The 1920s were Probst’s most productive and significant period of his research into concrete. Later, in 1931, he said his main research focus areas were the impact of alternating loading on concrete and reinforced concrete, and research into the corrosion of reinforced concrete by sulphates, alkalis and acids.

In the 1920s and 1930s, he was a pioneer in strain measurements on concrete structures, including for domes and dams. Since mathematical models and calculation methods were limited at that time, he preferred measurements directly on the structure. He researched the watertightness of concrete, its use in road construction, and the structural behaviour of concrete. In 1935, after he had been forced out of his academic role, he published his book Principles of plain and reinforced concrete construction, which was translated into English in 1936.

International recognition soon followed. He represented the Verein Deutscher Ingenieure (VDI) (Association of German Engineers) on trips to China, Japan, Sweden, Russia, and the USA. He was one of the founders of the civil engineering journal Bauingenieur, which he edited from 1920 until he relinquished the role in 1934. In October 1931 he came to London to give a lecture to the Institution of Structural Engineers, with the title of 'The influence of rapidly alternating loading on concrete and reinforced concrete'. This attracted the interest of Stradling, director of the Building Research Station, who in comments after the lecture described it as the first time that proof had been given of a critical range for fatigue in concrete structures.

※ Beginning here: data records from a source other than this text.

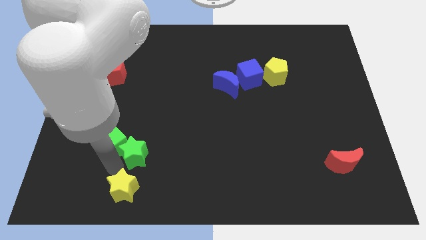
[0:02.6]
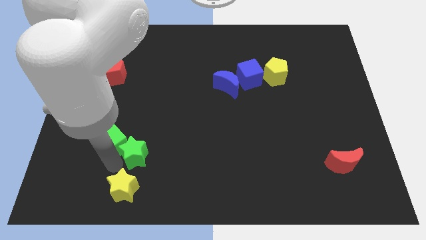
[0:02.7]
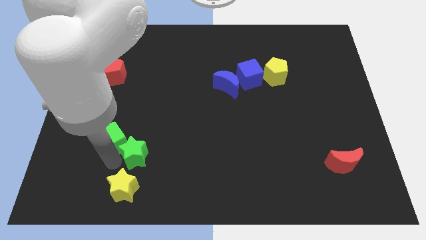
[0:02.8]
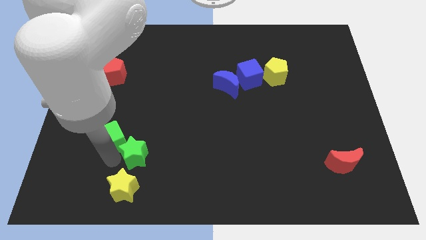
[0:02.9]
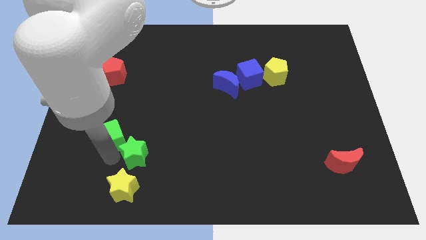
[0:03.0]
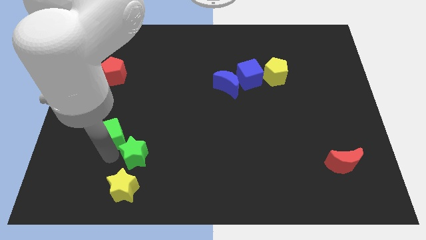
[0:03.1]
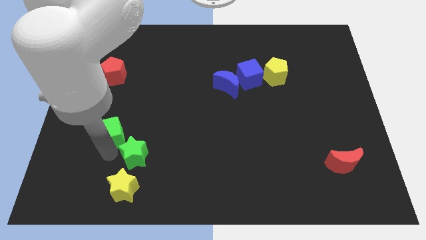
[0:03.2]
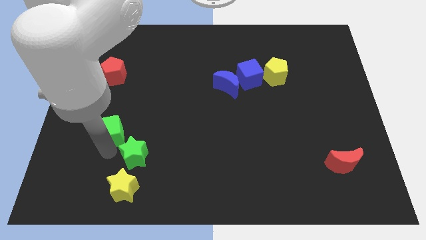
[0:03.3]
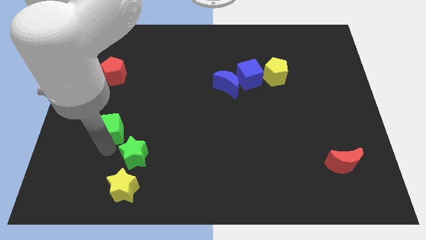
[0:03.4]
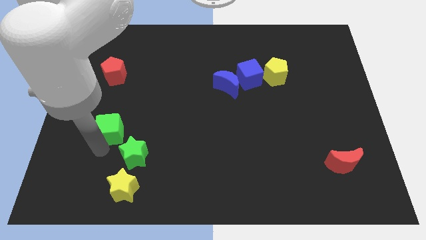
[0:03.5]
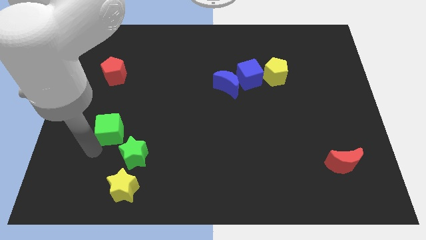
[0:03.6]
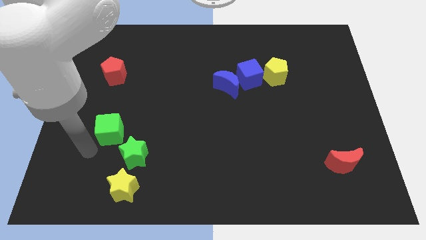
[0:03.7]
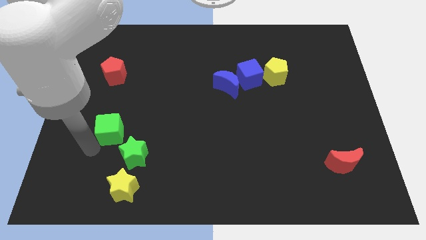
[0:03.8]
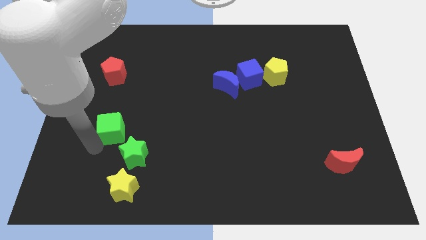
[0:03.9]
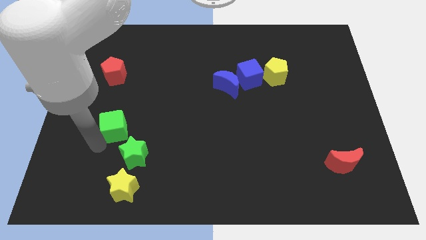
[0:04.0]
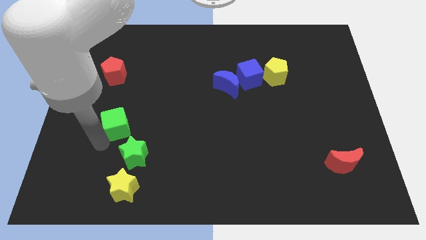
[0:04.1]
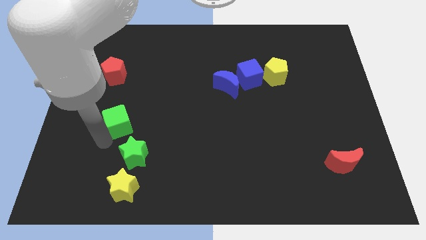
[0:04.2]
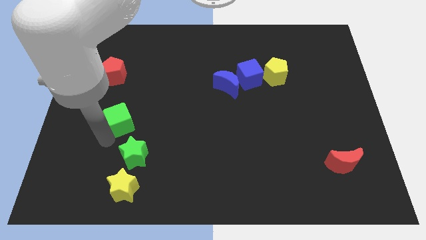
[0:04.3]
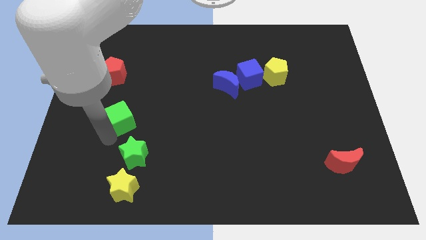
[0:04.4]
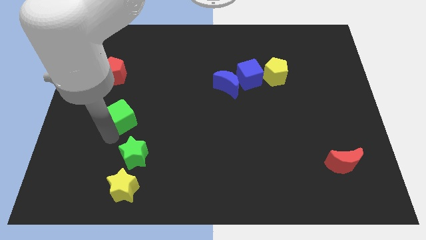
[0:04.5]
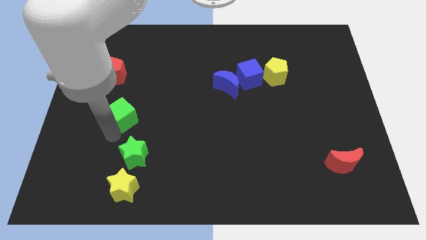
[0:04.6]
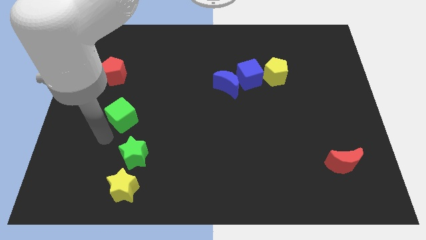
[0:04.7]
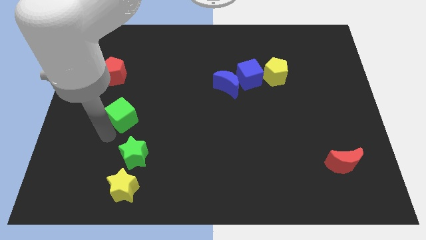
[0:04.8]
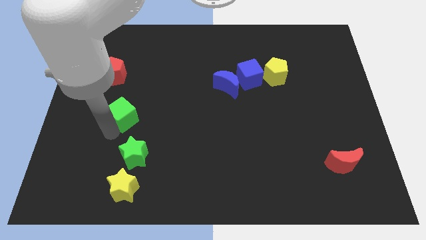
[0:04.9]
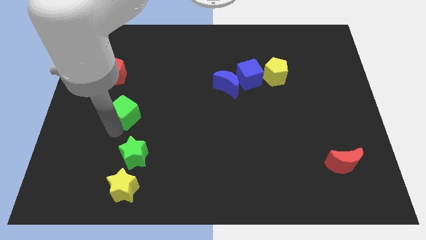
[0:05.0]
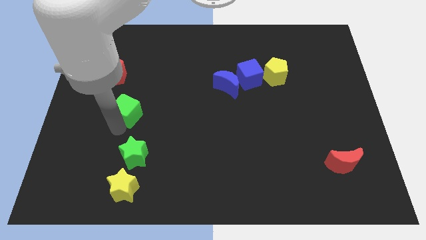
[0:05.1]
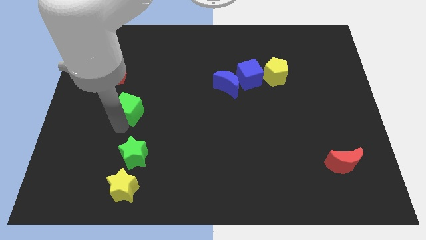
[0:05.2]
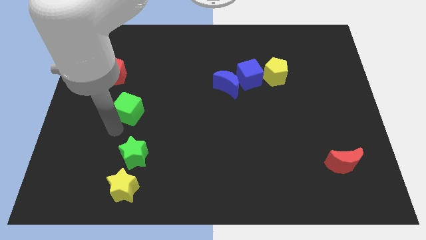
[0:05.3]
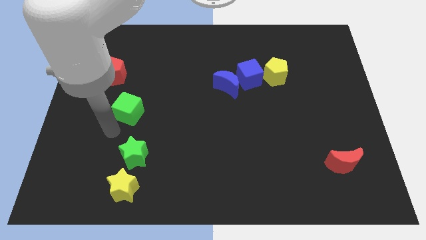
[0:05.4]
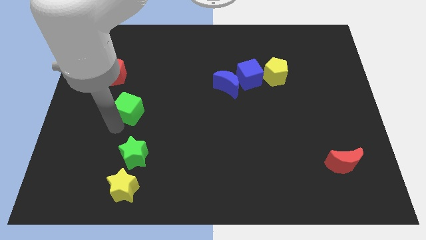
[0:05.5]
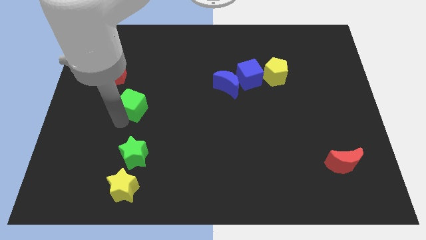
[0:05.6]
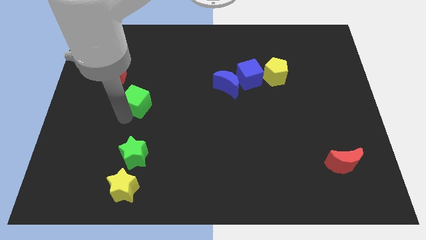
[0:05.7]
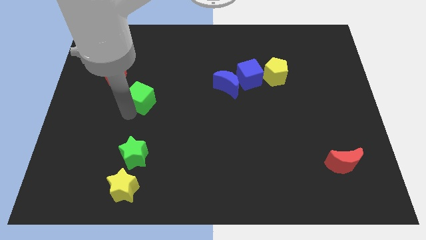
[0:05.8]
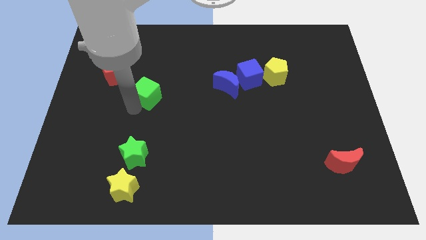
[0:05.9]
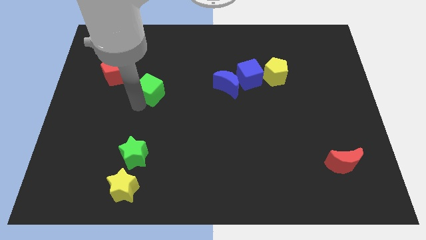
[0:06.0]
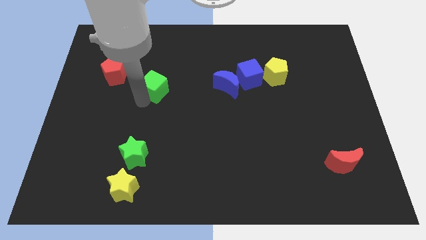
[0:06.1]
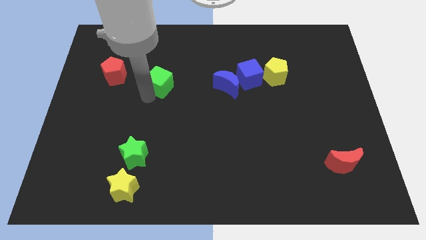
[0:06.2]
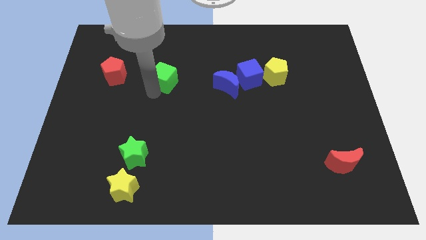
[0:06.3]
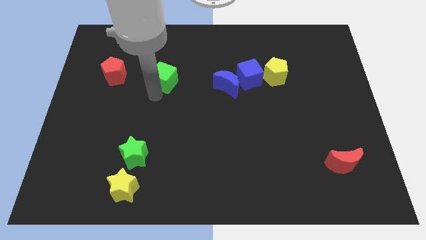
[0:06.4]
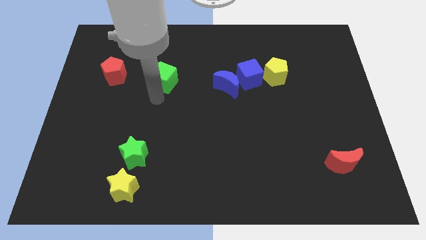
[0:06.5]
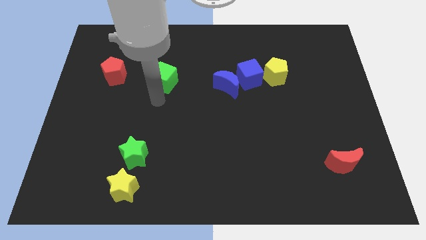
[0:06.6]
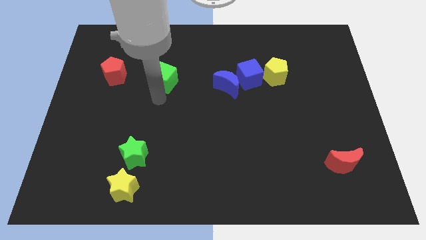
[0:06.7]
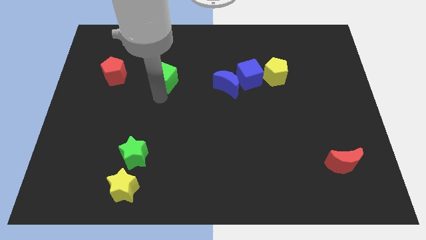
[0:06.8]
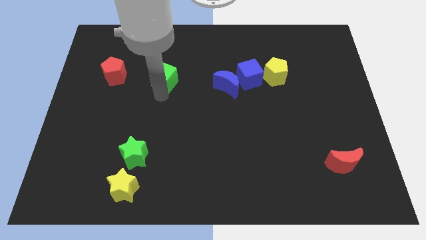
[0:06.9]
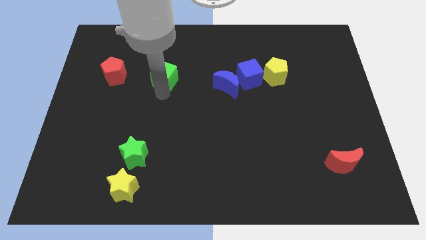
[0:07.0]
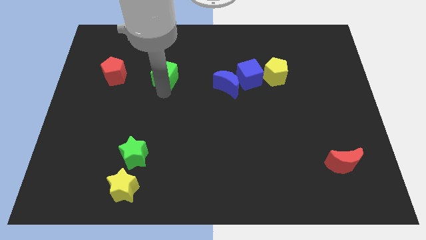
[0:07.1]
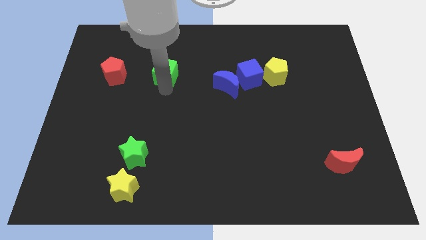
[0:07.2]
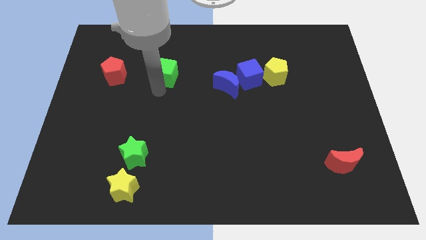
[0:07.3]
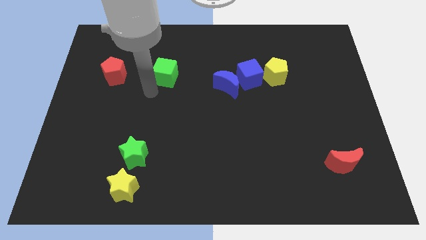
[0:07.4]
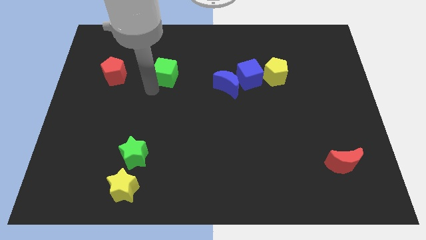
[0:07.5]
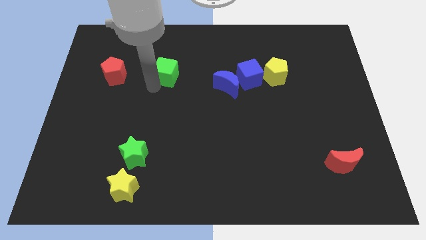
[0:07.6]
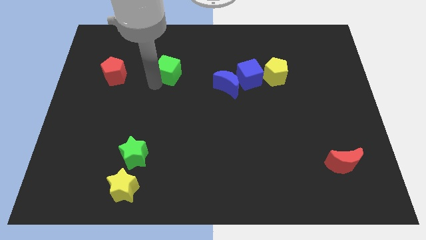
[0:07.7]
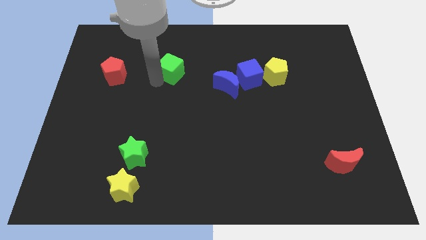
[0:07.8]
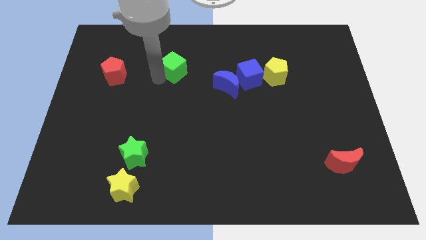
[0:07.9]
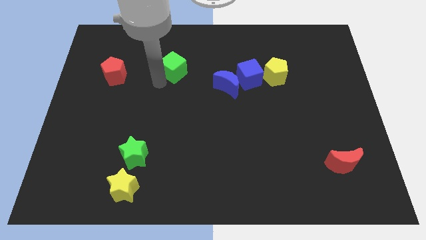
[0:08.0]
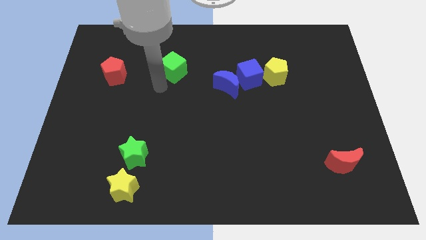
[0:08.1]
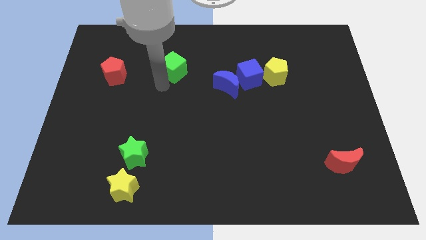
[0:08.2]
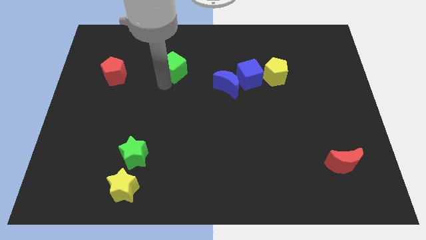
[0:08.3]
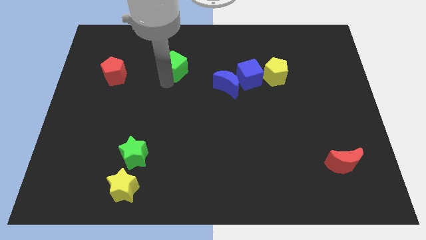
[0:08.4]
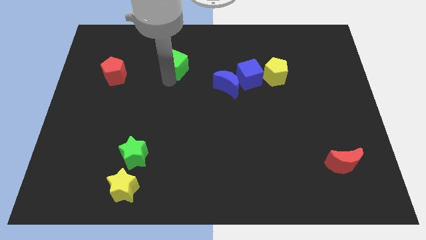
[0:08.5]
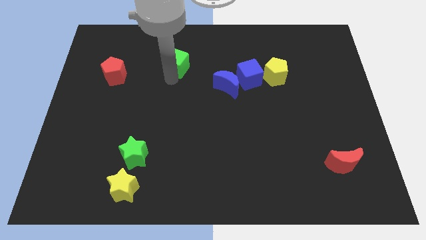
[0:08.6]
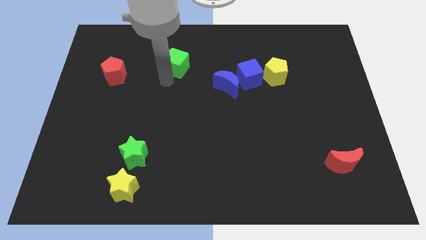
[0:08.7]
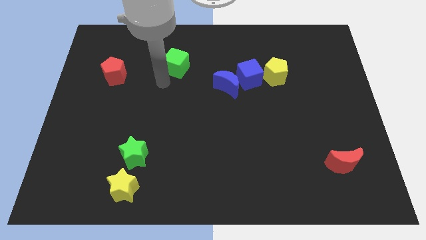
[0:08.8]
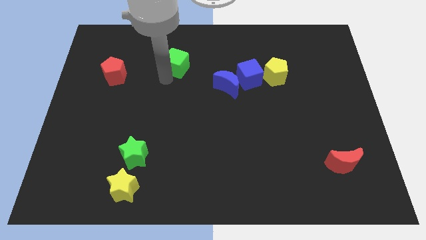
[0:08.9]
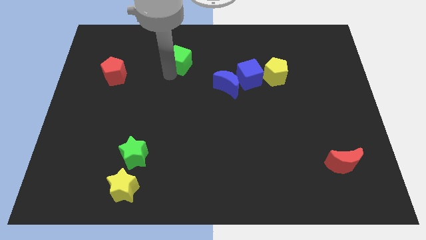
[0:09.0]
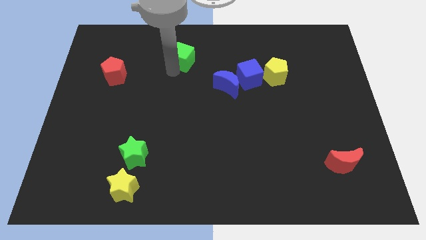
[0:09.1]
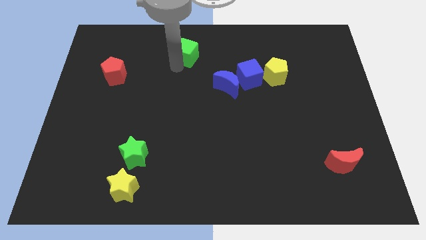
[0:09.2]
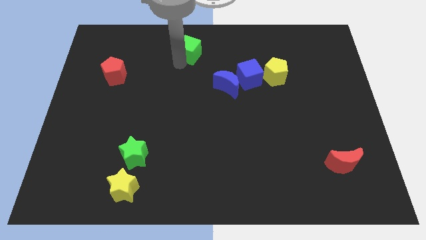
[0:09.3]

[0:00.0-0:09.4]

During the Second World War Probst wrote articles for British technical engineering publications, and he attended meetings of the Institution of Civil Engineers in London.

After the war, one notable task Probst undertook in 1946 involved a return to Germany. He accompanied his Ministry of Works colleague, structural engineer Francis Walley, to investigate the use of prestressed concrete that had been used in Germany and other European countries during the Second World War. This encouraged Walley, who was previously unaware of the process, to promote the use of prestressed concrete as part of the post-war rebuilding of Britain, which had a considerable impact on the urban landscape.

His final significant publication was the first edition of the Civil Engineering Reference Book, which he started writing in 1947. He died before the book was published in 1951, and his assistant James Comrie completed the work. In an introduction, Comrie said of Probst that the book had been "one of his ruling interests of his last years and he refused to spare himself in any way up to his untimely death in January 1950.". Renamed as the Civil Engineer's Reference Book, the last (fourth) edition came out in 1989.

== Personal life and death ==
In 1914 Probst married Elisabeth Leitholf (1892–1974), with whom he had four children, 3 daughters and one son. He died on 27 January 1950 at Willesden General Hospital, Willesden, London.

== Recognition ==
In 1918 Probst's service in the First World War were recognised with the award of the Iron Cross, second class.

In 1928, he received the bronze medal from the Institution of Structural Engineers in London, and, in 1929, he was elected as a foreign honorary member of the American Academy of Arts and Sciences in Boston.